Kumar is part of a wave of new retail investors who have helped to reverse the steady decline of participants in the Singapore stock market. This is evidenced by a slew of new share trading accounts opened early this year, according to checks by The Edge Singapore in May.
For one, CGS-CIMB Singapore registered a 32% surge in the brokerage’s account openings for 1Q2020 from the previous quarter. New investors came aboard because of low share prices and attractive returns, according to Raymond Chin, its head of retail. Phillip Securities, one of the more established homegrown brokerages, saw a threefold surge in new applications for the period of January to April, compared to the corresponding period last year. OCBC Securities, on the other hand, recorded a 42% y-o-y increase in requests for account openings between January and March.

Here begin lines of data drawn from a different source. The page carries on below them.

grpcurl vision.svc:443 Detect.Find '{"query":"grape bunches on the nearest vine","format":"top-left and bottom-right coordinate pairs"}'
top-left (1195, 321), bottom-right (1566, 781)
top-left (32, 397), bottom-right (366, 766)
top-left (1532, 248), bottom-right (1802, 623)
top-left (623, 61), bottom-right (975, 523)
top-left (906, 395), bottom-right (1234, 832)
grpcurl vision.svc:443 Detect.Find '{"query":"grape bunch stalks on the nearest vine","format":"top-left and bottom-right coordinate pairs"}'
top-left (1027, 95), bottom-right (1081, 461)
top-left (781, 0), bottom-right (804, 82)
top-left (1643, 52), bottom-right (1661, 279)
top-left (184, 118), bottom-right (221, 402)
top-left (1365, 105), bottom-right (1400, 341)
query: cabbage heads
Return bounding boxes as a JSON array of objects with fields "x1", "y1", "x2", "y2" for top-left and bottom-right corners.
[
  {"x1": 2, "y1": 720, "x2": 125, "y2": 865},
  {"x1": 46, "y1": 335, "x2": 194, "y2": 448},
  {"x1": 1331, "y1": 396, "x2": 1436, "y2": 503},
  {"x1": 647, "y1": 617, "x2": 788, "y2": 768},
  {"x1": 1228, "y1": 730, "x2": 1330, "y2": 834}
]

This surge in share trading account openings has slowed the process. DBS Vickers notes that on a normal day, the process would take anywhere between five and seven days. But that had stretched to up to four weeks, as the brokerage grappled with a high volume of requests.
Indeed, according to the Singapore Exchange, new CDP (Central Depository) accounts have more than trebled in March and accelerated fivefold in April compared to both months a year ago. In total, the number of new CDP accounts opened in both months reached over 10,000.
Unsurprisingly, trading statistics from the SGX reflected highs that were not seen in recent times. The securities market turnover volume peaked at 39.8 billion shares in March, the highest since October 2018. The securities market turnover value, too, peaked at $48.25 billion the same month, the highest since 2017. The securities daily average value (SDAV) and turnover velocity also peaked at $2.19 billion and 92%, respectively.
Chew Sutat, SGX’s head of global sales and origination, says the figures point to the underlying strength of the Singapore stock market. “If you compare y-o-y or q-o-q, the numbers are very strong. So, it is demonstrable of what I would call latent muscle in the market, which is what people don’t see,” he tells The
Edge Singapore in a recent interview.
‘Smart’ retail
To be sure, more active trading by retail investors is a trend seen not just in Singapore but also in markets like the US. “In the past, retail investors were always buying high, selling low, and always late in the game,” says DBS chief investment officer Hou Wey Fook, referring to US retail investors. “Now, they’ve climbed the learning curve. They are what I call ‘net positive’ for the overall market, and a new force to contend with. What we see in the US, we also see in Singapore.”
There are several reasons for the increased participation from retail investors, Evy Wee, head of financial planning and personal investing at DBS, told The Edge Singapore in May.
“We see both new and younger investors wanting to make investments when stock prices fell earlier in March, whereas existing investors want to rebalance their portfolios to reflect current market sentiment,” says Wee. “More customers have also come forward to set up regular investing plans, while some existing customers have gone on to increase their monthly investment amounts.”